◆ **RECORDS SUPPLIED**:
= Beginning of Section =

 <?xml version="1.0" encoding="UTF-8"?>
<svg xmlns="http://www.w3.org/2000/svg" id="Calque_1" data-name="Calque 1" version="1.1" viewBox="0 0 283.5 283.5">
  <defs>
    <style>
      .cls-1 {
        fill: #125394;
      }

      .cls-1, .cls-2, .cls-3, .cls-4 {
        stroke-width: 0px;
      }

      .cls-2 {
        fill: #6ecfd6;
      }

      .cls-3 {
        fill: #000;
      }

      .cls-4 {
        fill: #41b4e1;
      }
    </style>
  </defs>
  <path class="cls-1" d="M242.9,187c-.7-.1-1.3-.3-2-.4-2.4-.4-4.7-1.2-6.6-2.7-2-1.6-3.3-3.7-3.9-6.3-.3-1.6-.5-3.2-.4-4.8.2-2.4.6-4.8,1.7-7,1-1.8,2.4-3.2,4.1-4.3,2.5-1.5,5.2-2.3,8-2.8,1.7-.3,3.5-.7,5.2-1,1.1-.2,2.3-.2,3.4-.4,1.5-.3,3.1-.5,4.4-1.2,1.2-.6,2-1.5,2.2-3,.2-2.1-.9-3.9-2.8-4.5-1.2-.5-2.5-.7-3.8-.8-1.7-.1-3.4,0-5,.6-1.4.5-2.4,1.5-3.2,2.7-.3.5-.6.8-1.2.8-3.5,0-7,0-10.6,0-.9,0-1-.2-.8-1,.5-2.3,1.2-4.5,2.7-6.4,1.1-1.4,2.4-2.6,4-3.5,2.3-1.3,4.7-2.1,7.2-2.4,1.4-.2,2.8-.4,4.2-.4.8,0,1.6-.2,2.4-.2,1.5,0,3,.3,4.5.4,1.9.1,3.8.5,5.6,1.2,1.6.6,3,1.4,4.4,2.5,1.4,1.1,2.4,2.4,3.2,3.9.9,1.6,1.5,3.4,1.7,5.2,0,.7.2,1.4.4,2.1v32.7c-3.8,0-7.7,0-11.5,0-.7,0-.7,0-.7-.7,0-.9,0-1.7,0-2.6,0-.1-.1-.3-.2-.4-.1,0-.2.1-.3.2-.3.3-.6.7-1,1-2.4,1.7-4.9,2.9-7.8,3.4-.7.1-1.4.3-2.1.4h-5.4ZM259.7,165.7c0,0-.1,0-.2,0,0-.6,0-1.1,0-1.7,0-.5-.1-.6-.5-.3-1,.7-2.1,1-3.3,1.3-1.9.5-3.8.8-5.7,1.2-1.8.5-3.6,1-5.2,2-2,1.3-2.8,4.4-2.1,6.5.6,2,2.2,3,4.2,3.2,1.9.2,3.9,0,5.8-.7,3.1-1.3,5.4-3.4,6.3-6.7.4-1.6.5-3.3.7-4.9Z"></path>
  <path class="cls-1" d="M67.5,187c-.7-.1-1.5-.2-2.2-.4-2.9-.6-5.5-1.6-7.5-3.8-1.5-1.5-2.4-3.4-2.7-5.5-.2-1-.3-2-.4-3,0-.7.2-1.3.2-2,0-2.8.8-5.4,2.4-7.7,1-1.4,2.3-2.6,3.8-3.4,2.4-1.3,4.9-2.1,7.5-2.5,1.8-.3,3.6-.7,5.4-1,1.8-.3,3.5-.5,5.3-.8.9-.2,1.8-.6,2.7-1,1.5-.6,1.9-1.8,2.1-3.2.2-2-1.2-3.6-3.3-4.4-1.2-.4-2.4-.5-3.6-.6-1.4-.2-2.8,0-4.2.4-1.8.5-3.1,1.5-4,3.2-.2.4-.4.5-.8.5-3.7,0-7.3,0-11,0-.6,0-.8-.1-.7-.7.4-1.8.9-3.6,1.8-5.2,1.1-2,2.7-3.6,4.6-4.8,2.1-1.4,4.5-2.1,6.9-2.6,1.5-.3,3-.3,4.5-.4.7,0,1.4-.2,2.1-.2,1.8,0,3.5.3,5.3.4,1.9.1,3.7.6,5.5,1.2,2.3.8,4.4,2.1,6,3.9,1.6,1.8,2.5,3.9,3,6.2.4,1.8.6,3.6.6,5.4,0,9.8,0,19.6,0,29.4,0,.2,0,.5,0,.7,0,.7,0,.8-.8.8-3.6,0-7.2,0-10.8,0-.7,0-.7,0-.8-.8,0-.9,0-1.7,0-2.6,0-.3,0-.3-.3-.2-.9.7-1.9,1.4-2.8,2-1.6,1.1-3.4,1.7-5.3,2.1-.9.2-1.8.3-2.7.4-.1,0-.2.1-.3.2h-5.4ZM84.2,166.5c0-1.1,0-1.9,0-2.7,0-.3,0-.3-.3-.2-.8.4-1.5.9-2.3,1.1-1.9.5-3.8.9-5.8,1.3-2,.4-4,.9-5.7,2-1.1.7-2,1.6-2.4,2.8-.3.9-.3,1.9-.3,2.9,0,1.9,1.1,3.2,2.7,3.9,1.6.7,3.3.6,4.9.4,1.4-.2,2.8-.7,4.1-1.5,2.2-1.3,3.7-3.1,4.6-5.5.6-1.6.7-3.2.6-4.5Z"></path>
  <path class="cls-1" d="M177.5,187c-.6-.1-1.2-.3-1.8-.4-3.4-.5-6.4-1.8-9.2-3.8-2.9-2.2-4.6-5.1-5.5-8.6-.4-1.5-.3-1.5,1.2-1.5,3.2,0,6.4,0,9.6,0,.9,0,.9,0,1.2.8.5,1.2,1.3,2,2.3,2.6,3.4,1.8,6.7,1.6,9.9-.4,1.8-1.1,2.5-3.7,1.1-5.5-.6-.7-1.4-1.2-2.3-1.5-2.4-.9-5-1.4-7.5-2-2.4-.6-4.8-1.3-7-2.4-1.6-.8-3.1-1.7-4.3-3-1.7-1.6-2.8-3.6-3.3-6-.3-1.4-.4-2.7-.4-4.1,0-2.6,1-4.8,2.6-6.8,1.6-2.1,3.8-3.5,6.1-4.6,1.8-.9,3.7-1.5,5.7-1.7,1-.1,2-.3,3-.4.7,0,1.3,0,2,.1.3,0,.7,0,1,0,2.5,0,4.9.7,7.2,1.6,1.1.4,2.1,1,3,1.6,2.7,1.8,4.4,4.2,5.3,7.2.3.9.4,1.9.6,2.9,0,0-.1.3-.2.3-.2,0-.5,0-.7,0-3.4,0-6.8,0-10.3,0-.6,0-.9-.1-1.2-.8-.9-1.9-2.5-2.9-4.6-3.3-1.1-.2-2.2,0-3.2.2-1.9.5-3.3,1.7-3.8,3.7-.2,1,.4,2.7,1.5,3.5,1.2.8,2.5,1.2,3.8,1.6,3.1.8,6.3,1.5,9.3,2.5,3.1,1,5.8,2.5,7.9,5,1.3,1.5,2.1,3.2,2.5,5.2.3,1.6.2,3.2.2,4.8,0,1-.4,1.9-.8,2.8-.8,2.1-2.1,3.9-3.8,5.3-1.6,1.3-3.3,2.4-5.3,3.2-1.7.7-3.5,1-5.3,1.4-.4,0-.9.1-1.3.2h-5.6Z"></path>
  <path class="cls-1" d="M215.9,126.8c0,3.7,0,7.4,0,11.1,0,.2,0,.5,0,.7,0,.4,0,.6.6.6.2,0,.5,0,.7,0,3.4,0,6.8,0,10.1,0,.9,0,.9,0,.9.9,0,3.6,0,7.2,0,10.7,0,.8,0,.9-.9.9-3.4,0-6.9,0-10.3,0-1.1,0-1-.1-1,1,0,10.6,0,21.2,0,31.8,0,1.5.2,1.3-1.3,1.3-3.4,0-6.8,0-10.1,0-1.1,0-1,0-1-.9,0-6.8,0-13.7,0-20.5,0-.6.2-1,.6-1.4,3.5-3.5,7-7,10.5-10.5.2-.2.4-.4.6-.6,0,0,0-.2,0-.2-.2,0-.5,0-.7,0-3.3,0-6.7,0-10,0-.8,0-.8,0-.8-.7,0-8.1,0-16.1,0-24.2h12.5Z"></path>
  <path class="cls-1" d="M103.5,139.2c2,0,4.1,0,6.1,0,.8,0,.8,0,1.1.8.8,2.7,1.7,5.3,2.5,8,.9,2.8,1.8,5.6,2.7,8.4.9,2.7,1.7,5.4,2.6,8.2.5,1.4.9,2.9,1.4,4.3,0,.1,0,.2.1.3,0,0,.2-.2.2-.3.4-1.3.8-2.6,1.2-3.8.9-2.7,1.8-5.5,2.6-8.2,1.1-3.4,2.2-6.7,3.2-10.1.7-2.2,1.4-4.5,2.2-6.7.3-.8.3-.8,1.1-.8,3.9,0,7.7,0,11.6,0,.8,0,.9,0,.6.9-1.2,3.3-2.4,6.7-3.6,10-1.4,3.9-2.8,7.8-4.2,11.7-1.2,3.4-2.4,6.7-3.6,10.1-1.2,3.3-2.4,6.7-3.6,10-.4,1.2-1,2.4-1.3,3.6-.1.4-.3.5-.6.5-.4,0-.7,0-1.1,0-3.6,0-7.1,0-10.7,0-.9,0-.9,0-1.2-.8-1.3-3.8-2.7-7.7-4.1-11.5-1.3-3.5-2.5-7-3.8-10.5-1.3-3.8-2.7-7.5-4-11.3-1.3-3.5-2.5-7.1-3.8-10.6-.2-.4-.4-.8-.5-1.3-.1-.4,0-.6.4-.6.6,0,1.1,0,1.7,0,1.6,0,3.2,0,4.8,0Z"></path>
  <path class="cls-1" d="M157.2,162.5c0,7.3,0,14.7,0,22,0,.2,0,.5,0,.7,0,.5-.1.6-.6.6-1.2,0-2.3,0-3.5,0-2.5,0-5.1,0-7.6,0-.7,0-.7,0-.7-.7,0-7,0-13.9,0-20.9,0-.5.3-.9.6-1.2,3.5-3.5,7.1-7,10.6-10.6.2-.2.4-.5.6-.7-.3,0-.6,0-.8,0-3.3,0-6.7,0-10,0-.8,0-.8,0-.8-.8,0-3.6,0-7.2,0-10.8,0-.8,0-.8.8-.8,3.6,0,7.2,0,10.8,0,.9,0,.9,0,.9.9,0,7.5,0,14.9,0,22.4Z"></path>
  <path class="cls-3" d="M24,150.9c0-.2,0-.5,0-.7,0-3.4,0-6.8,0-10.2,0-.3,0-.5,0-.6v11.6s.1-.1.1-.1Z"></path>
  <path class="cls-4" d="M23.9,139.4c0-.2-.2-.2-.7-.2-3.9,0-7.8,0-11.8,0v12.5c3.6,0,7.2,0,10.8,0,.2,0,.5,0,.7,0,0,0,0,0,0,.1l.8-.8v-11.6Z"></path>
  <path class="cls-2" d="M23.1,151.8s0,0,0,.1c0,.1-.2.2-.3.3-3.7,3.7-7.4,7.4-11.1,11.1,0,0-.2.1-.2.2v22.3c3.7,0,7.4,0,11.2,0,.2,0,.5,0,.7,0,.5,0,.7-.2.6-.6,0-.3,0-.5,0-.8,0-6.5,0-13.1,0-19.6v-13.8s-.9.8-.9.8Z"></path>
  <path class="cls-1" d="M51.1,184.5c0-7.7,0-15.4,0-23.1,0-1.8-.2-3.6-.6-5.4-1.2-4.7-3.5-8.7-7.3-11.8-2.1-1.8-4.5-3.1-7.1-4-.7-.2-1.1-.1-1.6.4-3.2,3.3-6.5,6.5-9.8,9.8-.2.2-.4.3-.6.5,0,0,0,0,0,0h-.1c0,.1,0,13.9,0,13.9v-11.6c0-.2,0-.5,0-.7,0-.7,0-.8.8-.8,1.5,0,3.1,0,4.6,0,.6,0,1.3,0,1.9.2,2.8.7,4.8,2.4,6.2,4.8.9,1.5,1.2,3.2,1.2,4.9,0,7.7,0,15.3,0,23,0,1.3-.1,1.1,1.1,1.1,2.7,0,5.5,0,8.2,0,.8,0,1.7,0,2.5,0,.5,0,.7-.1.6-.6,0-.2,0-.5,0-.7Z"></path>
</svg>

= End of Section =

◆ **WORK TASK**: In the records, which lines mention the word "version"? Copy those lines.

◆ **SOLUTION TO THE PROBLEM**:
 <?xml version="1.0" encoding="UTF-8"?>
<svg xmlns="http://www.w3.org/2000/svg" id="Calque_1" data-name="Calque 1" version="1.1" viewBox="0 0 283.5 283.5">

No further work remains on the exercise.